Source records
______

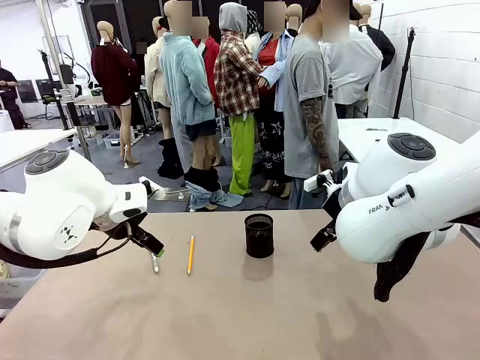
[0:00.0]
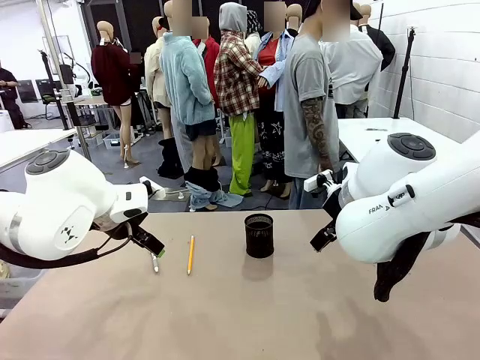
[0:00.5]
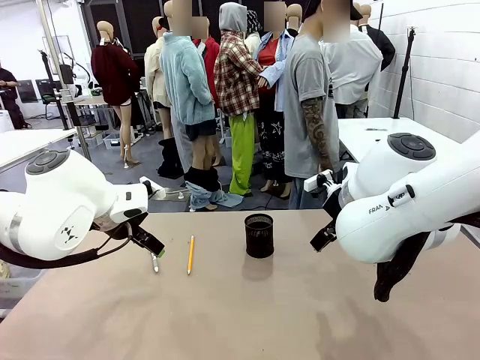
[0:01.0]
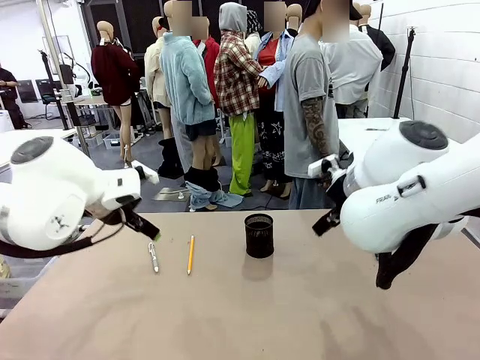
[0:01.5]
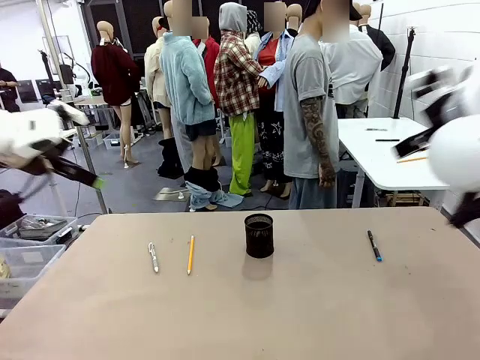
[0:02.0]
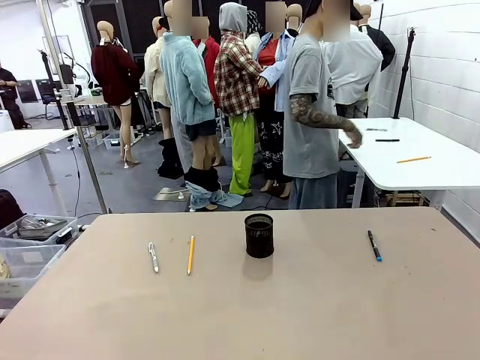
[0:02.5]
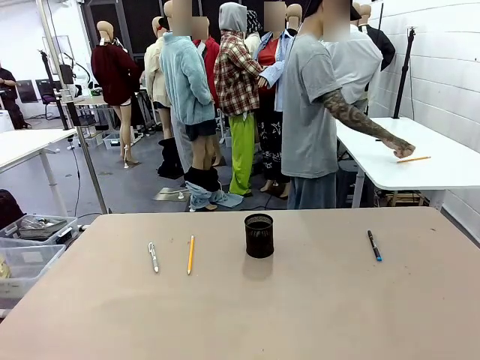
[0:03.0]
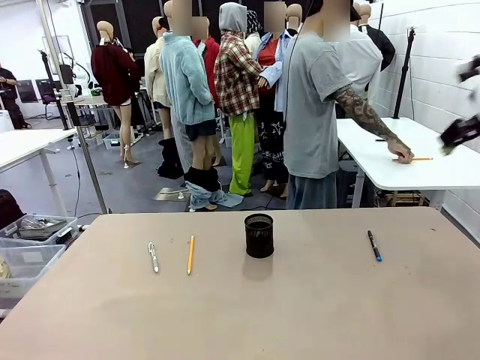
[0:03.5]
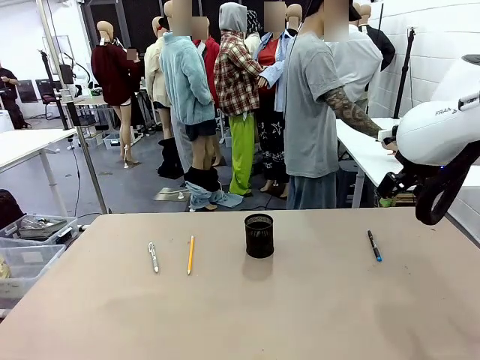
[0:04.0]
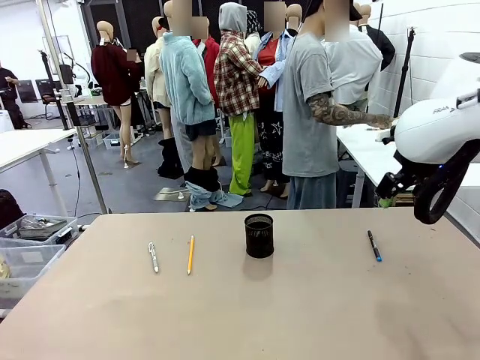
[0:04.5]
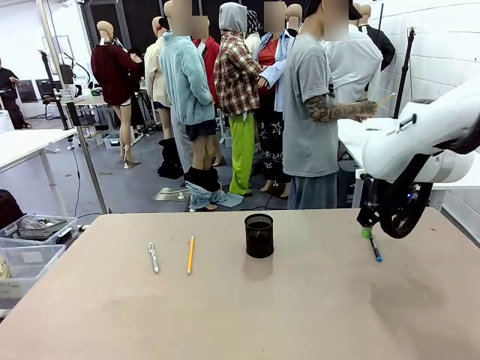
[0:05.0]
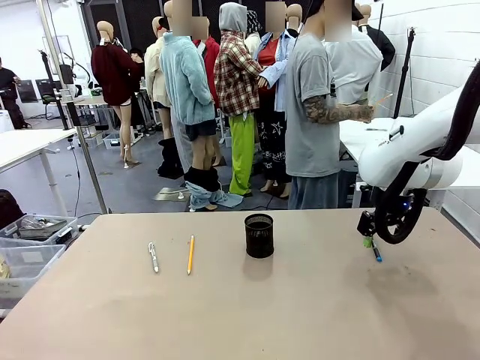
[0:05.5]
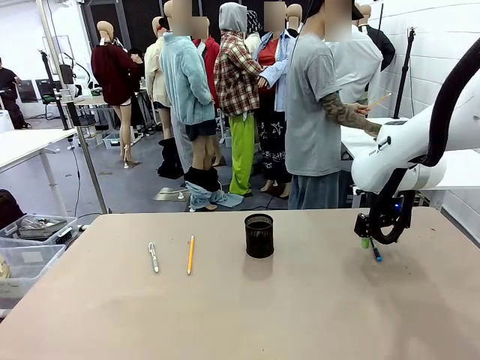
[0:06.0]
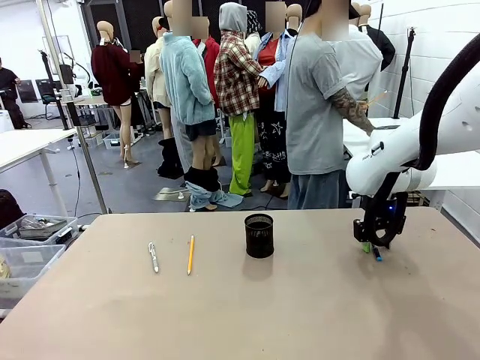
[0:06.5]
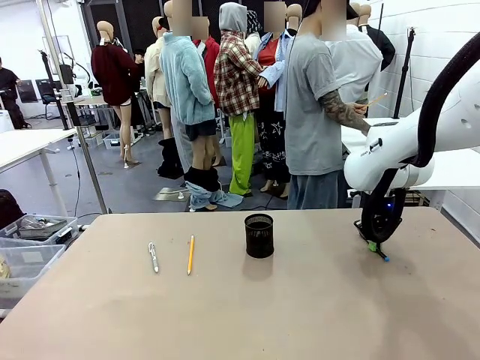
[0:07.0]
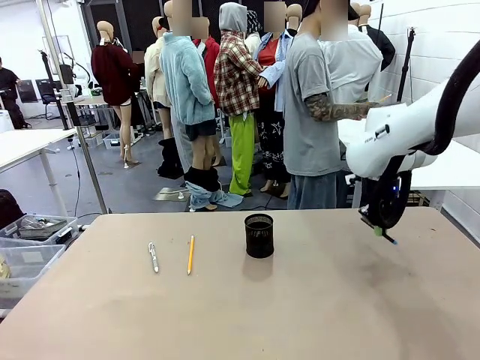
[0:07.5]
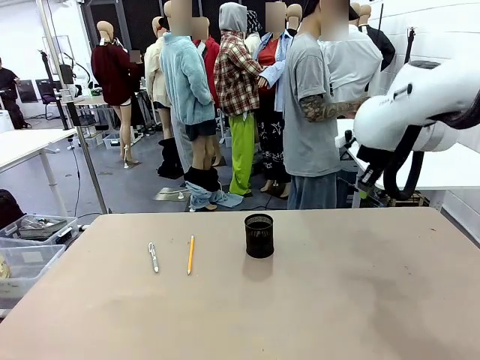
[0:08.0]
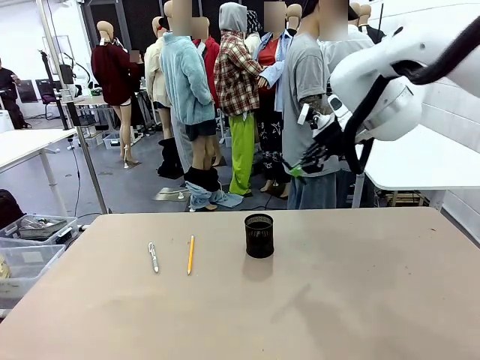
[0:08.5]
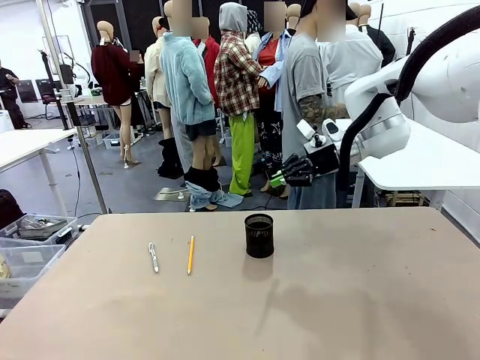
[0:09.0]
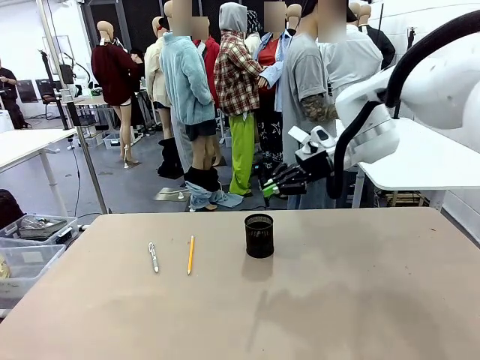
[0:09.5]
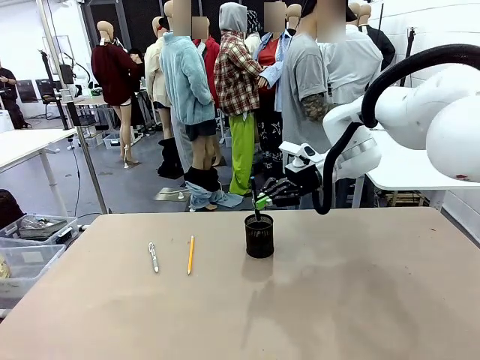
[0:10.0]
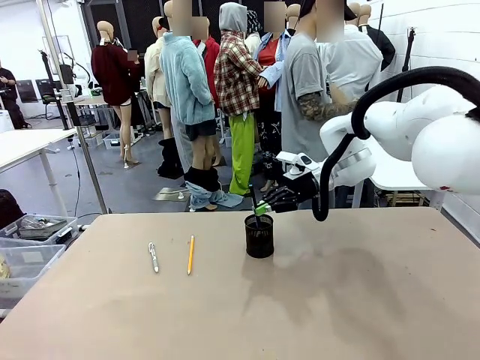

______

**Brief:**
Keep the pictures out and print all the records exactly as they are.

**Final answer:**
[0:00.0]
[0:00.5]
[0:01.0]
[0:01.5]
[0:02.0]
[0:02.5]
[0:03.0]
[0:03.5]
[0:04.0]
[0:04.5]
[0:05.0]
[0:05.5]
[0:06.0]
[0:06.5]
[0:07.0]
[0:07.5]
[0:08.0]
[0:08.5]
[0:09.0]
[0:09.5]
[0:10.0]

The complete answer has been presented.